Another book that is a novelisation of historical events is Strongbow’s Wife. This features a number of real places, but the events took place in the twelfth century so only keen students of medieval history would have the knowledge to challenge any of my descriptions. The story begins in County Wexford, Ireland, travels first from there to Bristol, then on across Southern England to Kent, across the channel to France, back to Bristol, Chepstow and Pembroke before returning to Wexford. Journeys to Waterford, Dublin, back to Pembroke and Chepstow and via Monmouth to Hereford follow over the course of the book. There are also excursions to London, specifically the Tower where Strongbow’s son and daughter were domiciled following his death.

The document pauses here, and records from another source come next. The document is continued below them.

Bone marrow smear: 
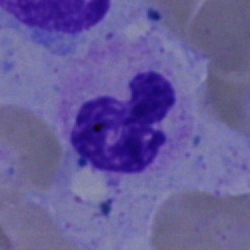

Specimen: bone marrow smear.
Cell: polymorphonuclear neutrophil.
Lineage: myeloid.
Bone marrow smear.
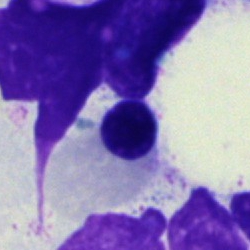
A normoblast.
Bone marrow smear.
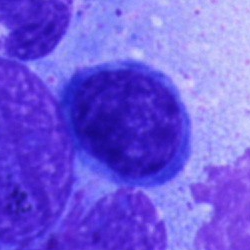
This is a typical lymphocyte.
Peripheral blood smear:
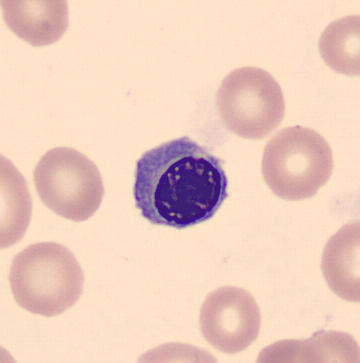
The cell shown is a normoblast.
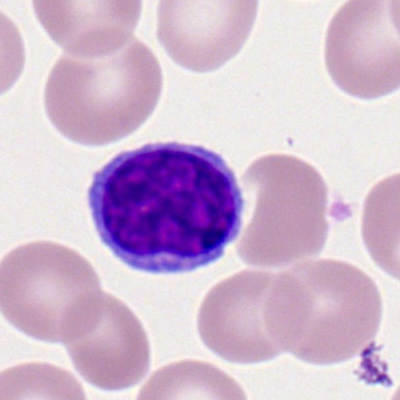
Specimen: peripheral blood film.
Morphological class: typical lymphocyte.
Lineage: lymphoid.
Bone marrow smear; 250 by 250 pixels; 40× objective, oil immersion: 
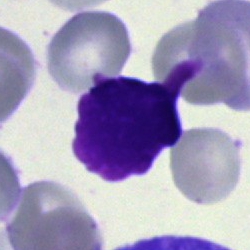Cell type: artefact.
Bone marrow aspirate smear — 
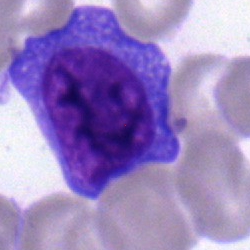

{"cell_type": "promyelocyte", "lineage": "myeloid"}
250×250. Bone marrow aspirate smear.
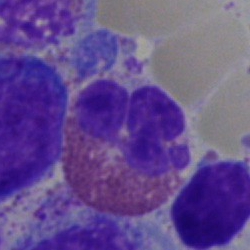

An eosinophilic granulocyte.
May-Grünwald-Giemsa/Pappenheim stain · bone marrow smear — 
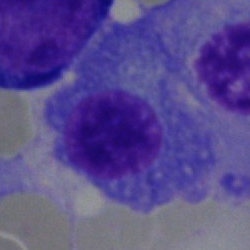
Cell type = plasma cell.
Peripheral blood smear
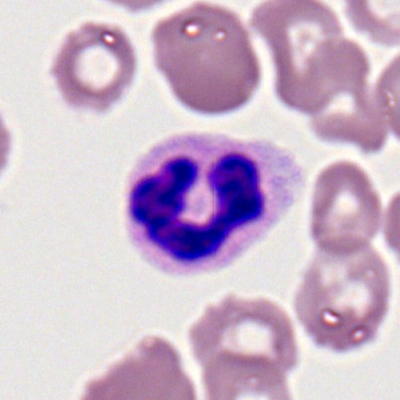
The morphological class is segmented neutrophil.
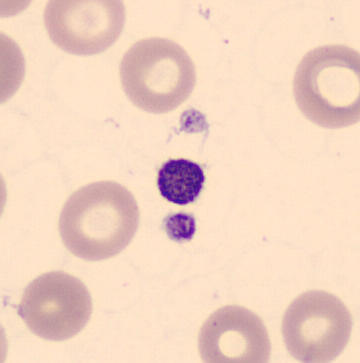
Specimen: peripheral blood smear.
Cell type: platelet. Acquisition: May-Grünwald-Giemsa-stained. Image size 360×363.
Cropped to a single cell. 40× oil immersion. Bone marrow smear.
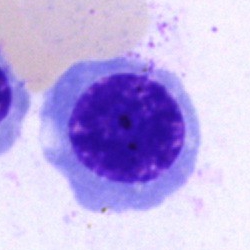

This is a nucleated red blood cell.
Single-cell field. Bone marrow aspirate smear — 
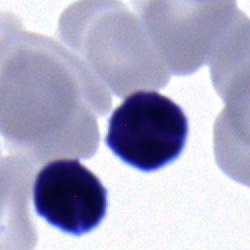Q: Which cell type is shown here?
A: This is a typical lymphocyte.
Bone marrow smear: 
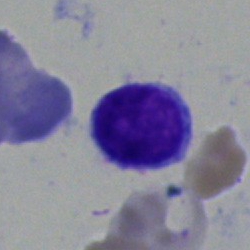
The classification is lymphocyte.

Summer Day features the small district in rural Herefordshire where I grew up in the 1940s, although it is not named. Anyone living there would certainly recognise descriptions. The people are all fictional, although based to varying degrees on real people I knew then. Transgression is set in an entirely fictional English provincial town. I am currently working up a few more stories set in the same town.
I think fiction must feature settings that are taken from the author’s imagination, whereas historical fiction must, by its nature, be set in real places in order to lend authenticity.